Au bout d’un mois marqué par un dialogue de sourds inédit en son sein, le Parlement (principalement l’Assemblée nationale) a clôturé mercredi dernier la session de novembre. Six lois, dont la loi de finances 2018, ont été adoptées dans la même routine que lors des années antérieures. A la commission des finances et du budget, à défaut d’être outillés et/ou pris de court par les délais de dépôt de cette loi, les députés ont servi les mêmes observations plates et les mêmes recommandations lisses aux ministres qui se sont soumis au « grand oral ».
Dans un an, on prendra les mêmes pour recommencer. Ainsi va la vie parlementaire au Cameroun. Machines à légiférer essentiellement sur les projets déposés par le pouvoir exécutif, les députés ne contrôlent que très timidement l’action du gouvernement. Installés le 25 mars 2015, le rapporteur des recettes, Luc Koa et les membres de l’équipe des rapporteurs spéciaux de l’Assemblée nationale, n’ont toujours pas pu mener à bien leur mission d’inspection dans les ministères. Après des clashs entre parlementaires et ministres, lesquels ont catégoriquement refusé d’ouvrir leurs livres de comptes, l’arbitrage de la présidence de la République a été requis. Celle-ci a instruit l’élaboration du cadre normatif devant guider les enquêtes des députés auprès des différents ministères. On ignore ce qu’il en est advenu.
Fragilisé par certains de ses membres qui écument les cabinets ministériels en quête de services divers, le Parlement camerounais aujourd’hui est devenu une marionnette dont le marionnettiste est le gouvernement. Quelques députés de la majorité et de l’opposition auront beau poser quelques questions orales embarrassantes, rien ne bouge fondamentalement. L’émasculation de ce contre-pouvoir, dont l’un des « contremaîtres » est Cavaye Yéguié Djibril, a la peau dure et ce n’est pas demain qu’il y aura une commission d’enquête parlementaire (la dernière remonte au cas Monchipou, il y a 17 ans) ou des pétitions contre le gouvernement.
Il n’est donc pas surprenant qu’un ministre se vante devant un camarade du parti, député réputé frondeur, en ces termes : « Que vaut un député devant un ministre ? ». Bien de choses sont sous-jacentes à cette question. En effet, au Cameroun, la légitimité par l’élection vaut peu de choses devant la légitimité par le décret. Un pied de nez à la démocratie qui s’applique crânement. L’une des incarnations les plus éclatantes de ce paradoxe camerounais, c’est le président du Sénat, Niat Njifenji, qui a été désigné sénateur par décret du chef de l’Etat, quelques jours après que d’autres sont allés à l’élection.

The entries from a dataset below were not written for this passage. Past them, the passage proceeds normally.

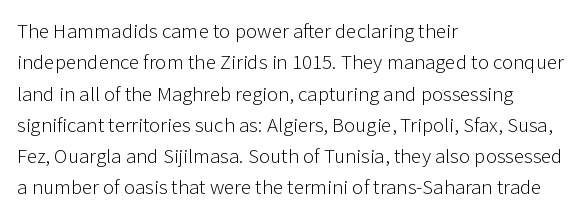
{"italic": "no", "bold": "no", "underline": "no", "align": "left", "line_spacing": "normal", "line_spacing_ratio": 1.49, "letter_spacing": "normal", "letter_spacing_em": 0.0, "glyph_px": 21}
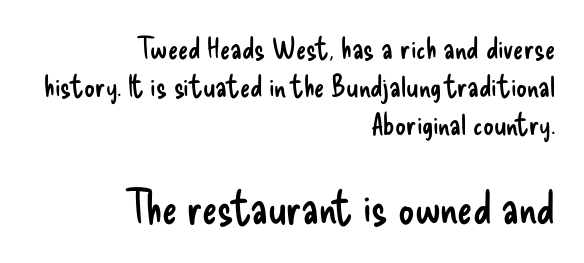
Q: Is the text bold? A: No.
Q: Is the text italic (slanted)? A: No, it is upright.
Q: Is the typeface a serif or a sans-serif typeface? A: Sans-serif.
Q: Is the text underlined? A: No.
Q: How is the paragraph aligned? A: Right-aligned.
Q: Is the spacing between letters normal or unusually wide? A: Normal.
Q: Is the spacing between lines tight, normal or loose? A: Normal.
Q: Which block of text is set in a larger size, the first (top) or the second (bottom)? A: The second (bottom) one.
Q: Width (condensed, normal, or wide)? A: Condensed.
Q: Stroke contrast? A: Low.
Q: x-height? A: Small.
Q: Monospaced? A: No.

Derrière la boutade ministérielle susmentionnée se cache également une légitimité liée à la rente. Chez nous, le ministre gère sur l’année le budget de son département ministériel. Le député n’a que ses 8 millions de microprojets. Le ministre a le pouvoir de nominations et une marge de trafic d’influence plus consistante que celle des députés ou des sénateurs. A travers les marchés publics, le ministre peut changer des vies, y compris la sienne et celles des parlementaires. D’où la condescendance qui est le marqueur des relations entre ministres et parlementaires au Cameroun. Ces derniers, pour la plupart, rêvent de décrocher un maroquin de ministre.
Pour mieux tenir en laisse les parlementaires, le secrétariat général du Rassemblement démocratique du peuple camerounais (RDPC) organise de temps à autre des concertations durant lesquelles des ministres viennent « professer » devant des députés, qui n’ont pas intérêt à les contredire, sous peine d’entrer en dissidence avec le parti, qui peut lui accorder ou lui refuser l’investiture à la prochaine élection. La boucle est ainsi bouclée.